*TASK TO CARRY OUT*:
Leave out pictures; repeat exactly the lines from the "road: primary, surface: asphalt, light: Day" line through the last of the data below.

===== RECORDS FOR THE EXERCISE

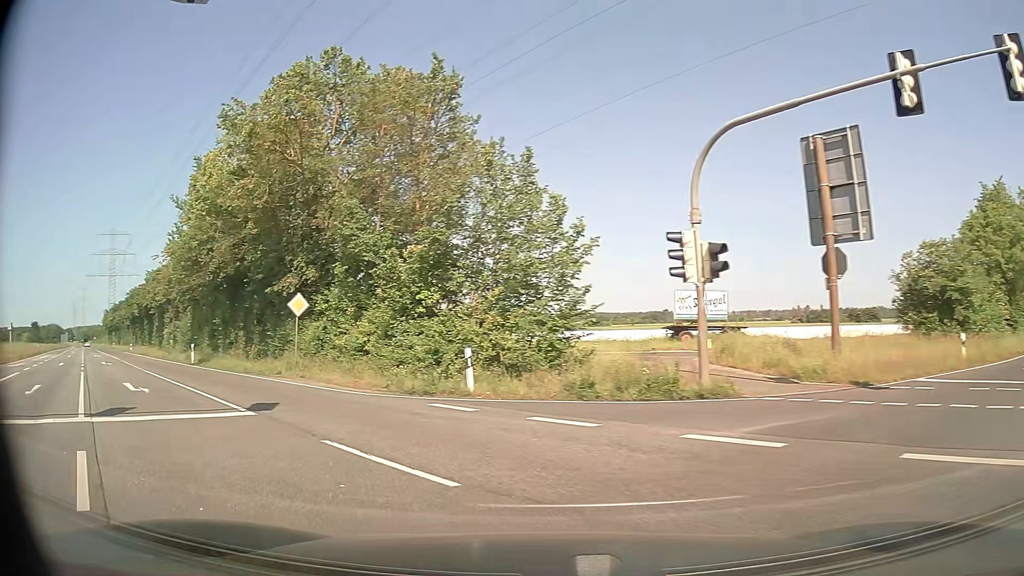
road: secondary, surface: asphalt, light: Day
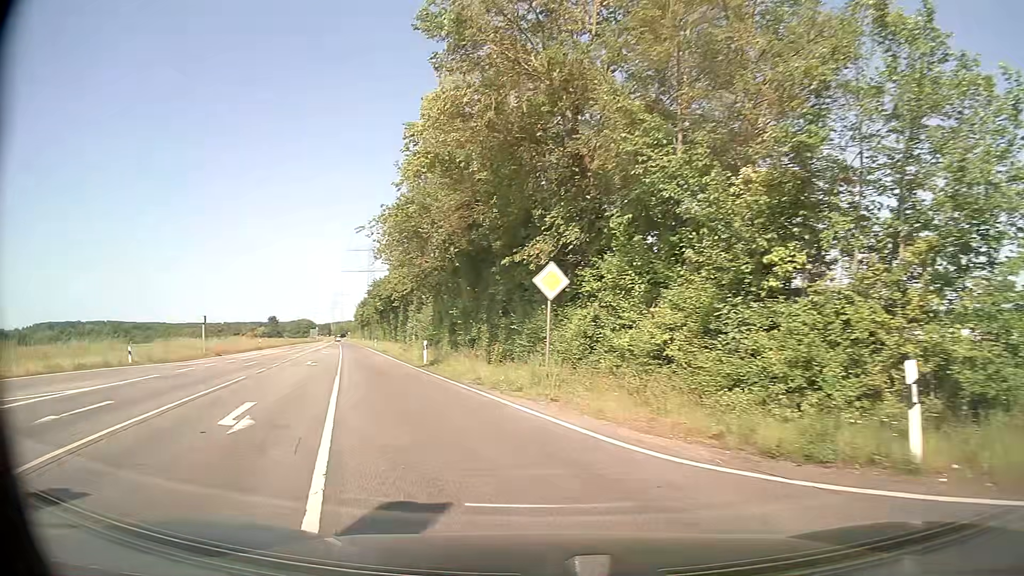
(-2.0, +9.0) m; -24°
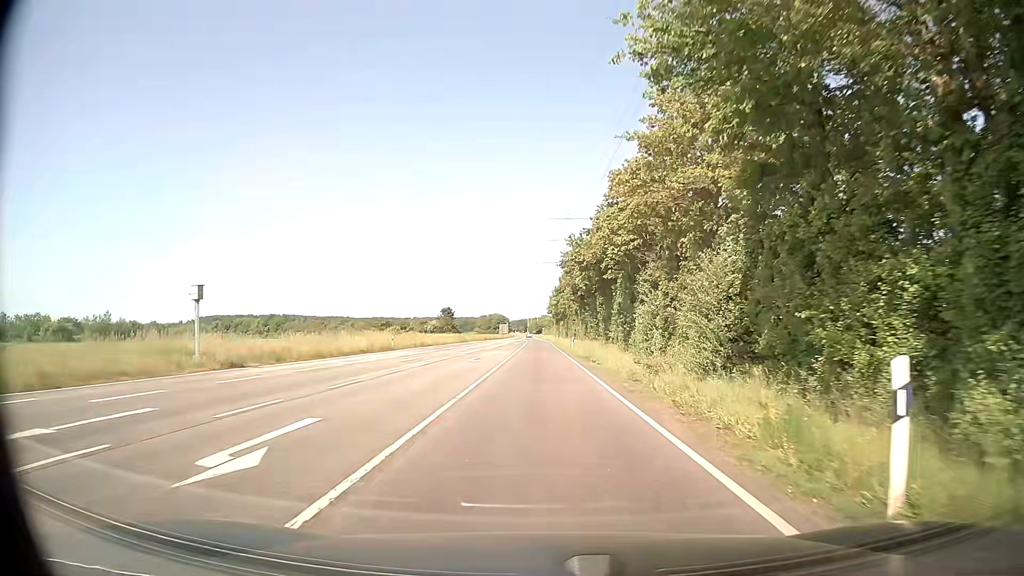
(-6.9, +28.9) m; -17°
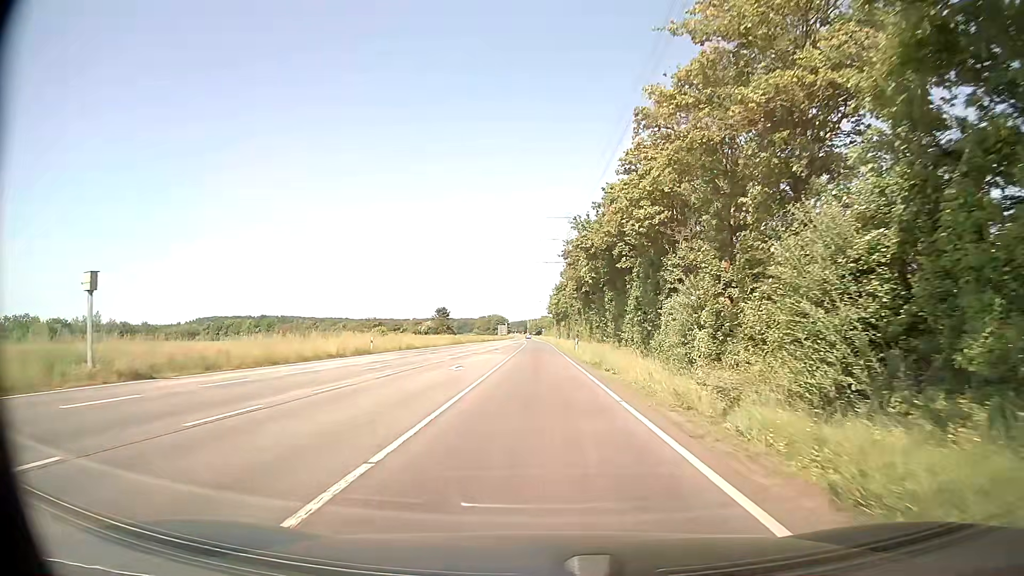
(0.0, +7.1) m; 0°
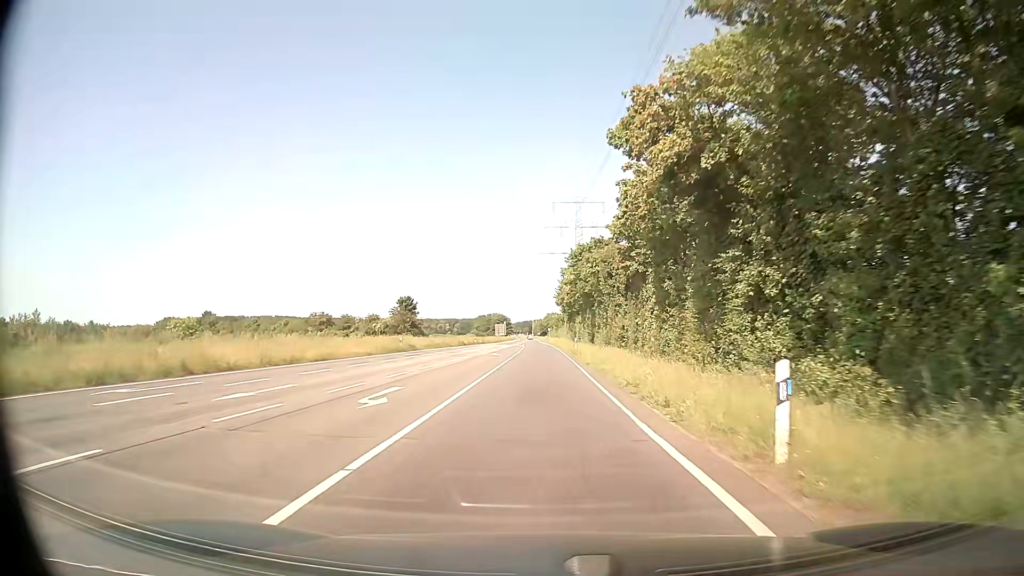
(-0.1, +41.7) m; 0°
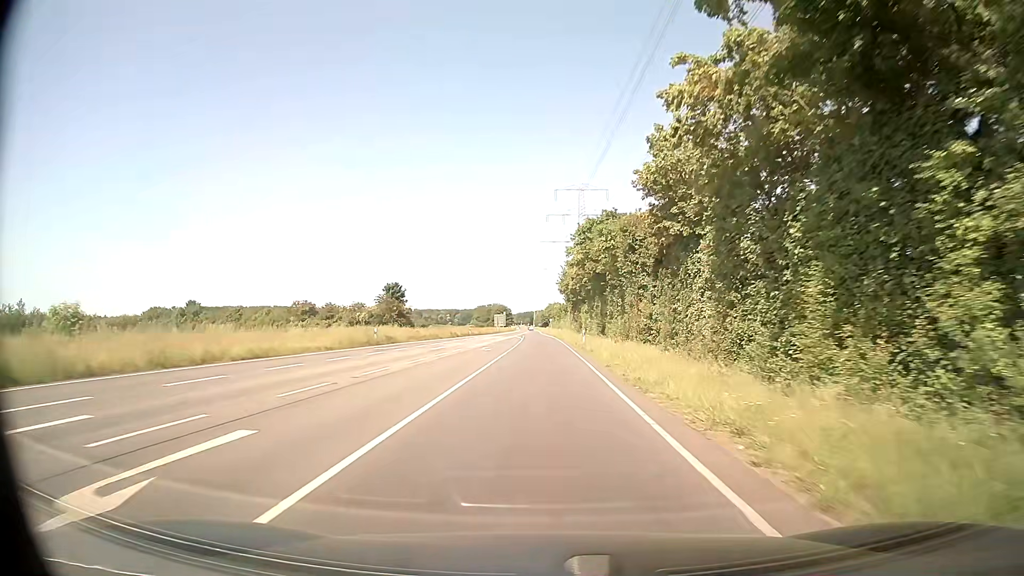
(0.0, +9.4) m; 0°
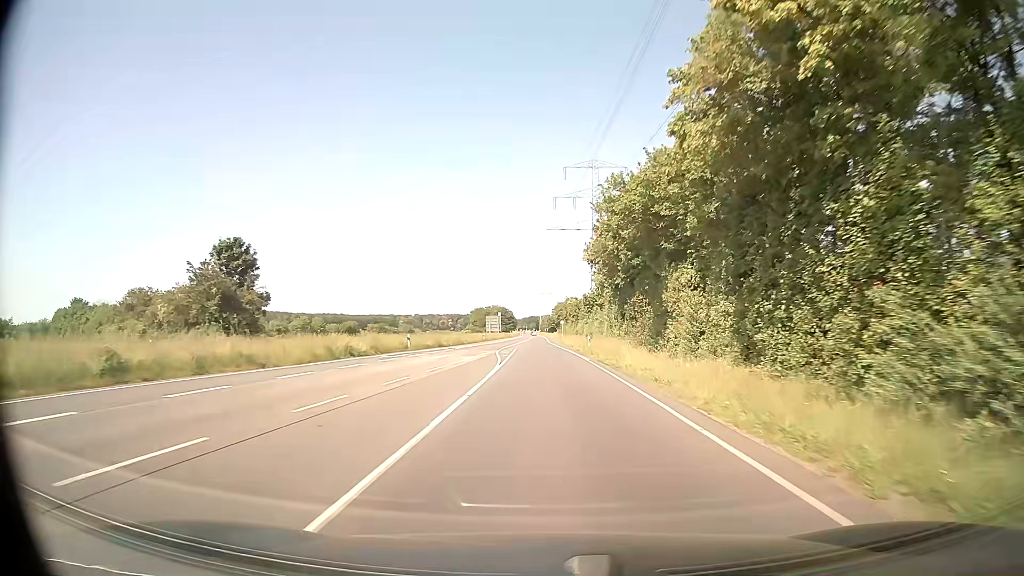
(-0.5, +49.8) m; 0°
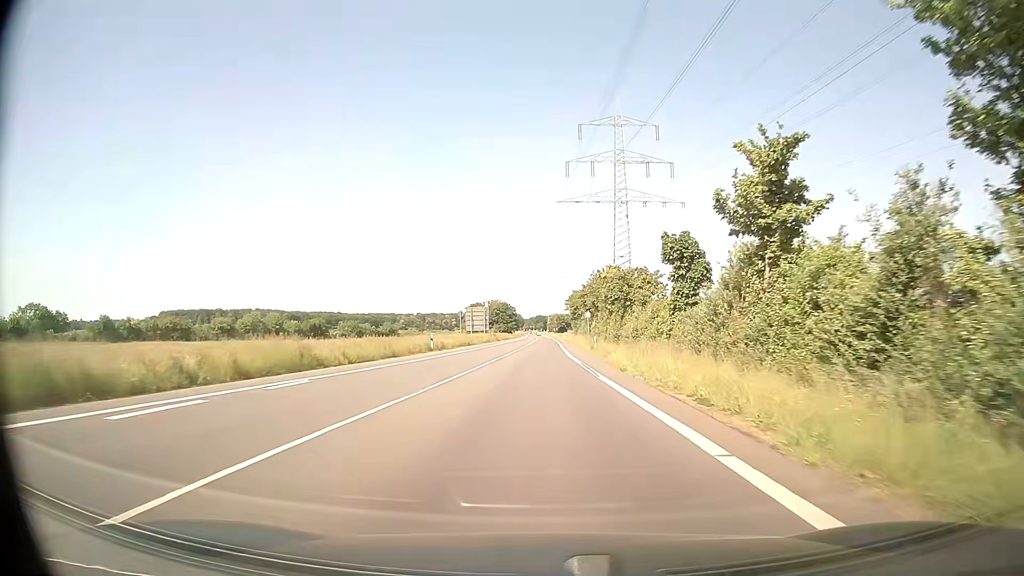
(-0.5, +52.0) m; -1°
(0, +10) (0, +20) (0, +30) (0, +40) (0, +50) (0, +60) (0, +70) (0, +80) (0, +90) (0, +100) m
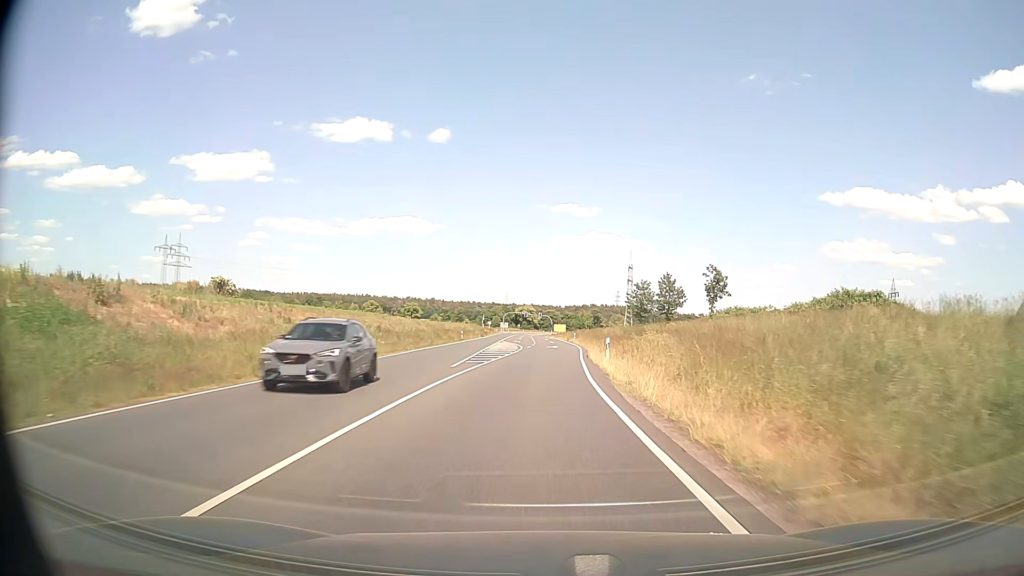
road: primary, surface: asphalt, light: Day
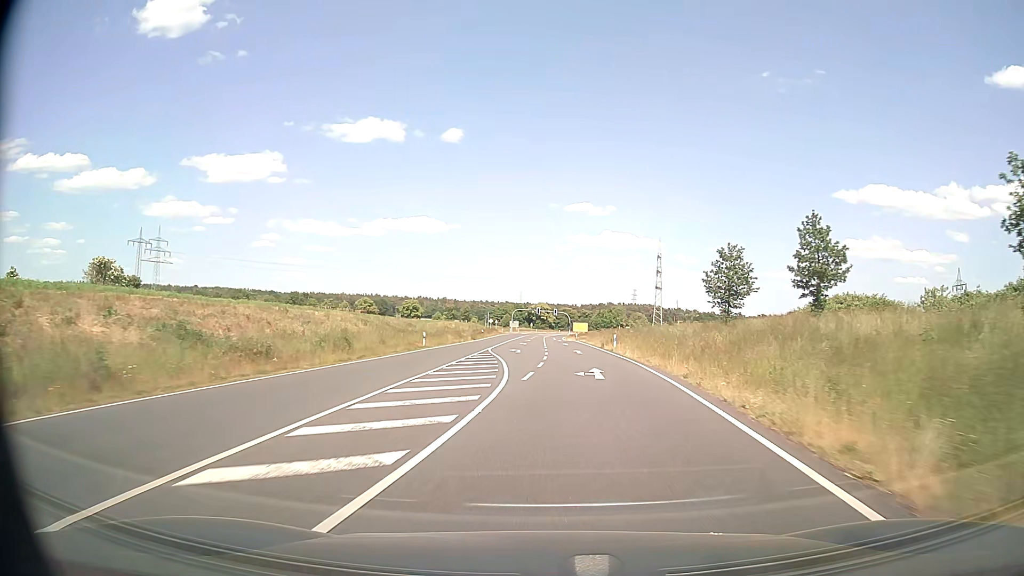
(0.0, +32.5) m; -1°
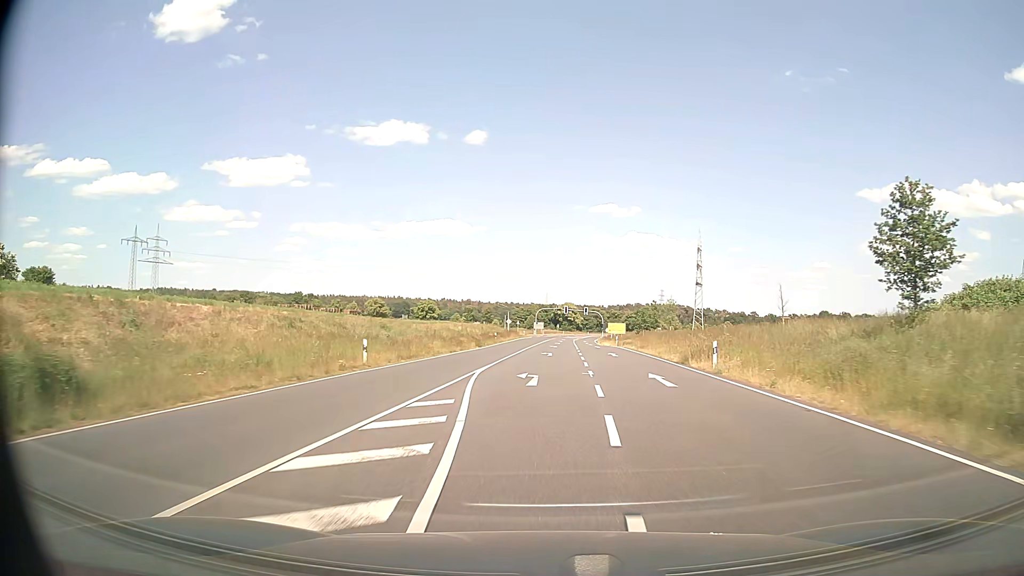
(-0.4, +21.4) m; -2°
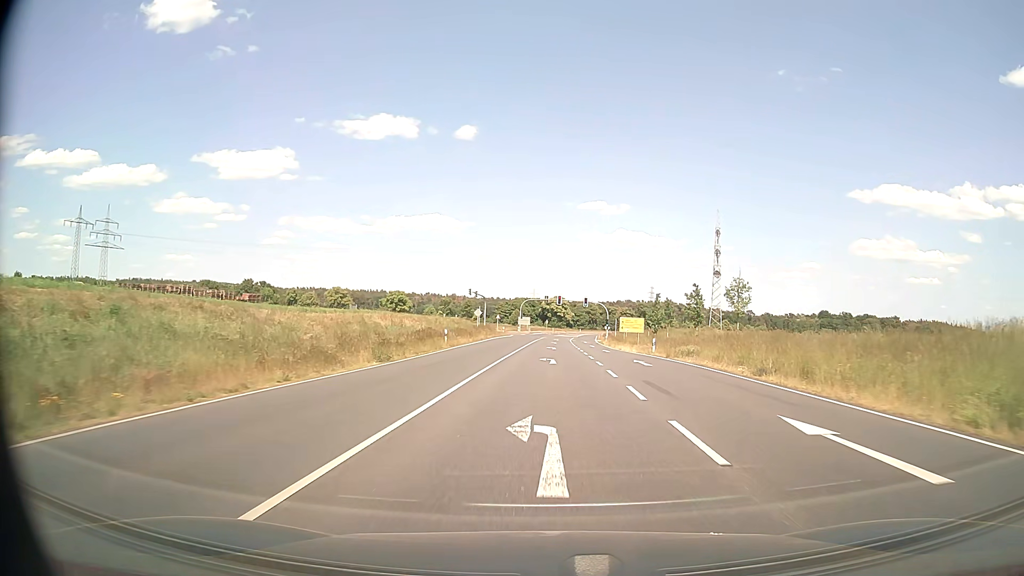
(0.0, +31.2) m; +1°
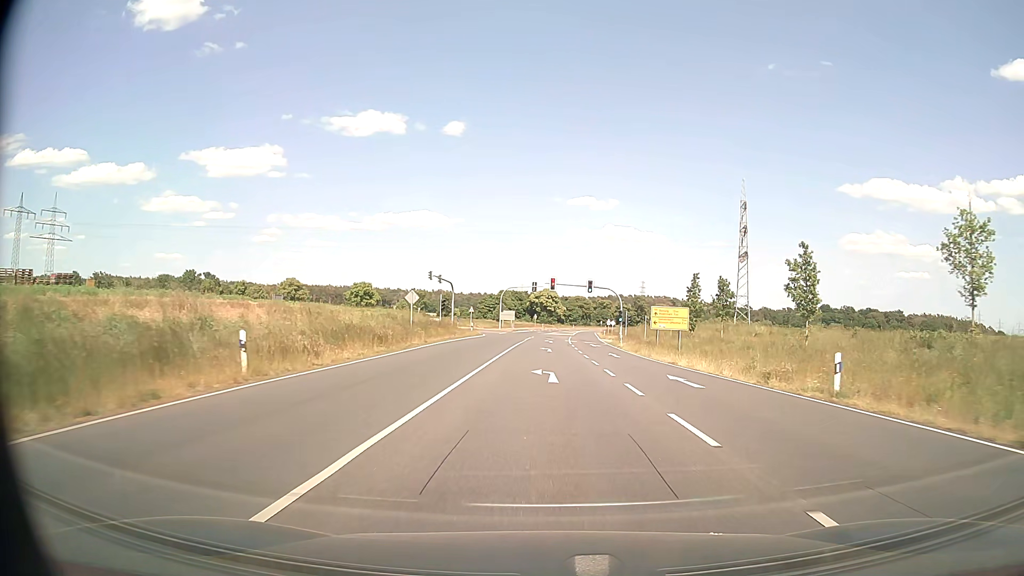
(+0.3, +28.8) m; +1°
(0, +10) (0, +20) (0, +30) (0, +40) (0, +50) (+1, +60) (0, +70) (-2, +80) (-7, +88) (-16, +93) m

==========

*TASK SOLUTION*:
road: primary, surface: asphalt, light: Day
(0.0, +32.5) m; -1°
(-0.4, +21.4) m; -2°
(0.0, +31.2) m; +1°
(+0.3, +28.8) m; +1°
(0, +10) (0, +20) (0, +30) (0, +40) (0, +50) (+1, +60) (0, +70) (-2, +80) (-7, +88) (-16, +93) m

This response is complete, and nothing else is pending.